For years, scientists worked on an esoteric piece of technology that they hoped could help the U.S. break China’s grip on the global supply of rare earths, a type of mineral essential to making everything from jet fighters to cars.

That technology and a scientist involved in its development are now the subject of a bitter lawsuit between two companies racing to become the dominant supplier of U.S.-made rare earths.
The fight is emblematic of the cutthroat competition to establish an all-American supply chain for rare earths. The urgency emerged last year, when China—which controls some 90% of the world’s rare-earth magnet supplies—cut them off amid a trade fight with the U.S. Car factories ground to a halt, and defense manufacturers scoured the world for hidden stashes.
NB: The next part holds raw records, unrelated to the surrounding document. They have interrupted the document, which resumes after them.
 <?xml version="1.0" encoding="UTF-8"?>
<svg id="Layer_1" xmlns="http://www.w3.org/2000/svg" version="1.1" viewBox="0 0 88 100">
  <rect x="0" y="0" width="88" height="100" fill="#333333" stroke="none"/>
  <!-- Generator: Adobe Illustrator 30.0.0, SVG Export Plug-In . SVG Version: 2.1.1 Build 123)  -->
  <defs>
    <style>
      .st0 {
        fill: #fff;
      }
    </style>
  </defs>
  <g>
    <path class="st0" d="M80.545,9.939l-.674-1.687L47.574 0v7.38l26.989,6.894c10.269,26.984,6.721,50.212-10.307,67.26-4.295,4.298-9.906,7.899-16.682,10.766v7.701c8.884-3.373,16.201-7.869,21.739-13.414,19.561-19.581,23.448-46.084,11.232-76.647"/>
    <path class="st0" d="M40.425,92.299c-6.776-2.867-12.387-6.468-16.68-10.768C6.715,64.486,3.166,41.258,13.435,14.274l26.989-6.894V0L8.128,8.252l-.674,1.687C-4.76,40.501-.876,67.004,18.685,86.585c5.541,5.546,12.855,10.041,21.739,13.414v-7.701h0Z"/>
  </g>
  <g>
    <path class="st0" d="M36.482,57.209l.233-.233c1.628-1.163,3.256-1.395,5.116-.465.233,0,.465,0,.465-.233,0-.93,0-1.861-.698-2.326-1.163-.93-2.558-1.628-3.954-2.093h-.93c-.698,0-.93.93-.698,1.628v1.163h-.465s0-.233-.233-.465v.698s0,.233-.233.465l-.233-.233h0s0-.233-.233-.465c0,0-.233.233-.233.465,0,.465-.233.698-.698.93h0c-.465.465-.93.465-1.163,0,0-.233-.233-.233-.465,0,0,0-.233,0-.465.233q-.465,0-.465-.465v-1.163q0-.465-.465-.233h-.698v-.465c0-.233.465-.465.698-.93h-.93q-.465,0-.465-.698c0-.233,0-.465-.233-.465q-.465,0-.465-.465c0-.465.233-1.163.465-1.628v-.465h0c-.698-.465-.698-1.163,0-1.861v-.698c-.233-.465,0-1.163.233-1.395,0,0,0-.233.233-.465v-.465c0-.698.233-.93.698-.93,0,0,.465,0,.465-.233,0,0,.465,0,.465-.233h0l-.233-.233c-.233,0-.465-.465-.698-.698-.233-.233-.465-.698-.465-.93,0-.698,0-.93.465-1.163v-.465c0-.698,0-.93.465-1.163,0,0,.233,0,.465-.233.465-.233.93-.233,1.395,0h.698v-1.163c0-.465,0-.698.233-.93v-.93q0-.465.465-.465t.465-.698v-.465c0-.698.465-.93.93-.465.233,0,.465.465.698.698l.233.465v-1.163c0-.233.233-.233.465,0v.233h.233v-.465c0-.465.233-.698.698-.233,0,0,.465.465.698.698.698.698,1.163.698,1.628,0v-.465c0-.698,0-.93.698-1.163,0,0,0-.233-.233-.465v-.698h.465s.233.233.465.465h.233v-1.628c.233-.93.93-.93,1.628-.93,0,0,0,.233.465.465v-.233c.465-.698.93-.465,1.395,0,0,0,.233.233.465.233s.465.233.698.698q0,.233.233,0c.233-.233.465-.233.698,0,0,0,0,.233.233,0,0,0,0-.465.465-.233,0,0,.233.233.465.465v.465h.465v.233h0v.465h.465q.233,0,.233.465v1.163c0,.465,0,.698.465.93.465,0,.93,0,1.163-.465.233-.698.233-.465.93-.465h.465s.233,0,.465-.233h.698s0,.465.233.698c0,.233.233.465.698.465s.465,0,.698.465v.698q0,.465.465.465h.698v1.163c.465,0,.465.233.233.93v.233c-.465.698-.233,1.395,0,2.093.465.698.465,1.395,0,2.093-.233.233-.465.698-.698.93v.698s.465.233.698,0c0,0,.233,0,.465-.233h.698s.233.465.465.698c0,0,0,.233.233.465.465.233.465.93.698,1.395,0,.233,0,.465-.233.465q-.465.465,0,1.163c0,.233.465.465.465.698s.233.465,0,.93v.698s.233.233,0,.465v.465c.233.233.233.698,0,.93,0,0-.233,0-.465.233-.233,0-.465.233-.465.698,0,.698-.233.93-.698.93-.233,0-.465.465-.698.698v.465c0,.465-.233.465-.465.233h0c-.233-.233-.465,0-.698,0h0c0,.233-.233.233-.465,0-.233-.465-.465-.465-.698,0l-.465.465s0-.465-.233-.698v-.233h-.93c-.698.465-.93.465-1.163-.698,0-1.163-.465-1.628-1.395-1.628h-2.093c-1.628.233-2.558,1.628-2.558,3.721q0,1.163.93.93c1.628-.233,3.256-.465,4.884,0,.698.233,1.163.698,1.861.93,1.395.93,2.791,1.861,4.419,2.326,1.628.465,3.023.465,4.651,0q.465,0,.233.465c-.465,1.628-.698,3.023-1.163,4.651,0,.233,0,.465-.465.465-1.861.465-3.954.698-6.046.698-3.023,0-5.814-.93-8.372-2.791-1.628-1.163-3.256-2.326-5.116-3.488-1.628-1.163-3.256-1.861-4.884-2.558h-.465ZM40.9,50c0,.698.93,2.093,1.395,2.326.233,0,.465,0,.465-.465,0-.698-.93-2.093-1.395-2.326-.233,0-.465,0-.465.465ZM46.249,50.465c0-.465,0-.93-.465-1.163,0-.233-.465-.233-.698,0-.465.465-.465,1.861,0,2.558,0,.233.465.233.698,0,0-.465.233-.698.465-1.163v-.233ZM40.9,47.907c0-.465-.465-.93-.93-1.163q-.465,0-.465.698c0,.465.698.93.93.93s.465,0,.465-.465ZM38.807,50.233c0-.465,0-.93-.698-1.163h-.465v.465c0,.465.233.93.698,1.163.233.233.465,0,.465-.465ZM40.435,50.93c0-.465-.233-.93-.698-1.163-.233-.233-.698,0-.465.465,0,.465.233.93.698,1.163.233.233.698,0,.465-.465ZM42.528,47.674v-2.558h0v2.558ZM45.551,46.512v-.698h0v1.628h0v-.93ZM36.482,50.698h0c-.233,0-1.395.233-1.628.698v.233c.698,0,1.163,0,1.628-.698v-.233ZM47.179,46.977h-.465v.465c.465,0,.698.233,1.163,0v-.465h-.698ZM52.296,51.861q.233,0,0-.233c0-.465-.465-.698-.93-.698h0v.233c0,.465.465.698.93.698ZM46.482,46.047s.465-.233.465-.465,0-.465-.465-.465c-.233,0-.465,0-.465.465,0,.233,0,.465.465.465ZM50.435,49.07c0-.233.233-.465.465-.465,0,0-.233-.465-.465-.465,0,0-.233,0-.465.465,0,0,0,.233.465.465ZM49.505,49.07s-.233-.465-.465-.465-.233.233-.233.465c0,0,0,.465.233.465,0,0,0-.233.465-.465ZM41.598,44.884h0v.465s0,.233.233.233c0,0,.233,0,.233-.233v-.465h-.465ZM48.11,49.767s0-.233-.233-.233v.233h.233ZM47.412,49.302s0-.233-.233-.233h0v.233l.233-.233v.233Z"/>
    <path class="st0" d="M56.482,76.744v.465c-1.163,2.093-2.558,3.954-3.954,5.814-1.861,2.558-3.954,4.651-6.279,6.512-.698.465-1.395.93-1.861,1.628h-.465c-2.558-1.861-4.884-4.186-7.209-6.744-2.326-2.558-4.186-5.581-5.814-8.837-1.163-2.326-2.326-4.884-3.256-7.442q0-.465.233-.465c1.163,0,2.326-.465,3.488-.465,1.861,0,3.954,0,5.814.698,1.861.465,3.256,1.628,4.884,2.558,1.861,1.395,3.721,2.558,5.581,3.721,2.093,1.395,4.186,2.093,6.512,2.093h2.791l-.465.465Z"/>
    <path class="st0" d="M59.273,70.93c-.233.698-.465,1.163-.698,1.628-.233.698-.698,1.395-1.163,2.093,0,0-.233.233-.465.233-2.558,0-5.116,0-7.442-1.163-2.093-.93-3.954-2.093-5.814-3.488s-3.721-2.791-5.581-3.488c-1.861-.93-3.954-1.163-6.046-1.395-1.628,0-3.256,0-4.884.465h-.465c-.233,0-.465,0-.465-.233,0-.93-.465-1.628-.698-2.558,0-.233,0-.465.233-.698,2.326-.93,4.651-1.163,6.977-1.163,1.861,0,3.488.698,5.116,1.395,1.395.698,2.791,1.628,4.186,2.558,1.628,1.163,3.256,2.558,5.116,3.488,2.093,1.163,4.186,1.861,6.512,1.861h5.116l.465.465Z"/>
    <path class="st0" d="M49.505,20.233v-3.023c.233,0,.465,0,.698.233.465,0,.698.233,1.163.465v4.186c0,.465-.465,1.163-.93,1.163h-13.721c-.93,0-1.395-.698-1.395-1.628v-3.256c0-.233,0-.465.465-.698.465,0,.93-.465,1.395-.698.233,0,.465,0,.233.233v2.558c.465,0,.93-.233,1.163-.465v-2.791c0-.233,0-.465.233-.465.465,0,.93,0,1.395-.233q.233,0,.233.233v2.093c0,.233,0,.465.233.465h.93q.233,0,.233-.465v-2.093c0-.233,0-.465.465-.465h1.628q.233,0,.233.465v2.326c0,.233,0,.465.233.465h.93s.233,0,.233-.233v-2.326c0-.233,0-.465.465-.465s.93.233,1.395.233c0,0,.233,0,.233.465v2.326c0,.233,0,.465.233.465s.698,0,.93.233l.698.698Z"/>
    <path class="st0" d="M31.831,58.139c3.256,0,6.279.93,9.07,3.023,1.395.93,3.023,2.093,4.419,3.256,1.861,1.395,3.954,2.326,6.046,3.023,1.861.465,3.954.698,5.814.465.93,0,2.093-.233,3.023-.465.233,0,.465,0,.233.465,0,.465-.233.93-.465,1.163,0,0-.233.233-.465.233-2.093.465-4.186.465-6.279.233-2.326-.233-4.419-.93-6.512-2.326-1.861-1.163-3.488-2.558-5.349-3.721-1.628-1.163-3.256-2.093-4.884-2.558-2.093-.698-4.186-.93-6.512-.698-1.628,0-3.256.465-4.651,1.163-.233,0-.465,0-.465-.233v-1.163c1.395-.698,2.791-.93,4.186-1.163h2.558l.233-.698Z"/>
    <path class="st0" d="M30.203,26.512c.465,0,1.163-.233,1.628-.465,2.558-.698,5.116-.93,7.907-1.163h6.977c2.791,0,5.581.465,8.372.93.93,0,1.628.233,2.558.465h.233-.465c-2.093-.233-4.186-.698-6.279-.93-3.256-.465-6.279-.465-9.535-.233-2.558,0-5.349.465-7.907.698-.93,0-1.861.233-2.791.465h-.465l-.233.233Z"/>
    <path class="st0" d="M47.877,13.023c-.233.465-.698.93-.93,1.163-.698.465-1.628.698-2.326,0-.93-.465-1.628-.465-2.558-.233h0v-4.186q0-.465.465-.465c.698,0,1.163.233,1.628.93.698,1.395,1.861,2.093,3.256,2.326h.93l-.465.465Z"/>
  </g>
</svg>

In response, the U.S. government and private investors have poured billions into companies such as USA Rare Earth and MP Materials to build a complete supply chain, stretching from the mines to the finished rare-earth magnets that power motors and guide missiles.
The huge sums flooding into the sector are fueling a talent war as newly flush companies seek to lock up America’s scarce rare-earth technicians.
In the case of the technology at the center of the lawsuit, scientists at MP Materials, America’s biggest rare-earth miner, worked for years out of a small industrial space dubbed “The Garage”—also known as “Bobcat”—to develop the technique, known as grain boundary diffusion. Now the company alleges that a former engineer took its valuable formula to USA Rare Earth.
USA Rare Earth, which like MP Materials has received large-scale government support to build a complete rare-earths supply chain, denies that it stole trade secrets. “We believe this lawsuit amounts to nothing more than an attempt by MP to slow USAR’s bold vision and significant momentum,” the company said, referring to itself by its Nasdaq ticker symbol.
MP Materials says USA Rare Earth embarked on a “raiding mission,” hiring at least eight key MP employees who were valuable “primarily because of information they received from MP Materials, not pre-existing expertise.”
One of these employees, Kevin Elkins, a material science and engineering Ph.D., worked for MP Materials for 2½ years from 2022 to 2024, including as a senior engineer involved in the company’s magnetics division. The next year he joined USA Rare Earth’s magnetics operations as an associate director and was promoted to director, according to his LinkedIn profile. MP alleges that he took with him sensitive technology related to grain boundary diffusion and is seeking at least $5 million in damages. Elkins denies the allegations.
Grain boundary diffusion involves applying tiny quantities of the most expensive and elusive rare earths, known as heavy rare earths, to a magnet to make it heat-resistant without sacrificing magnetic strength. James Litinsky, MP’s chief executive, has described the company’s yearslong effort to develop such technologies as “sort of a private-market Manhattan Project.” MP says it wanted to keep it so secret that it wasn’t patented, to avoid any public disclosures about the technique.
During a meeting an MP executive had with an industrial machinery company involved in magnet making, the machine maker briefed the MP executive on a grain-boundary-diffusion technique that precisely matched MP’s own, down to specific formula components.
The machine maker told MP it had worked with an Oklahoma-based magnet maker on the technique. Since USA Rare Earth is based in Stillwater, Okla., MP believes it demonstrates that USA Rare Earth, as well as Elkins, had come into possession of MP’s grain-boundary-diffusion technology.
USA Rare Earth dismissed the charges in a rebuttal it filed in Texas court last week, saying the technology is “readily ascertainable via independent development, reverse engineering, and/or other proper means.”
“Competition is good but blatant theft is unacceptable,” said an MP spokesman.
A spokeswoman for USA Rare Earth described MP’s claims as “baseless.”
“Having the two leading U.S. names in dispute risks distracting the sector at the moment Washington says it wants a domestic industry built,” said David Abraham, who runs Materium Strata, a critical-mineral advisory. MP and USA Rare Earth were among the U.S. companies targeted by new Chinese export restrictions announced last week.
MP, which operates one of the world’s largest rare-earth mines in California, has been receiving government funding for years. It struck a multibillion-dollar deal with the Pentagon last year on the heels of China’s move to restrict rare-earth-magnet exports.
In the lawsuit, MP says that it spent a decade investing billions in developing technical capabilities from scratch, whereas “USA Rare Earth lacked the people and the technology to fulfil its public commitments.” Further, “USA Rare Earth has a well-established pattern of announcing and then failing to achieve its plans,” MP said, calling the company a “want-to-be competitor.”
A spokesman for USA Rare Earth says the company is “making significant strides in furthering America’s strategic interests.”
USA Rare Earth, which announced $1.6 billion in federal backing in January, is bringing online a large magnet facility in Stillwater. Production at a prospective mine in Texas is expected in 2028. It has used its war chest to announce acquisitions of Less Common Metals, a U.K.-based rare-earth-metal maker, and Serra Verde, which owns the Pela Ema mine in Brazil that produces highly coveted heavy rare earths.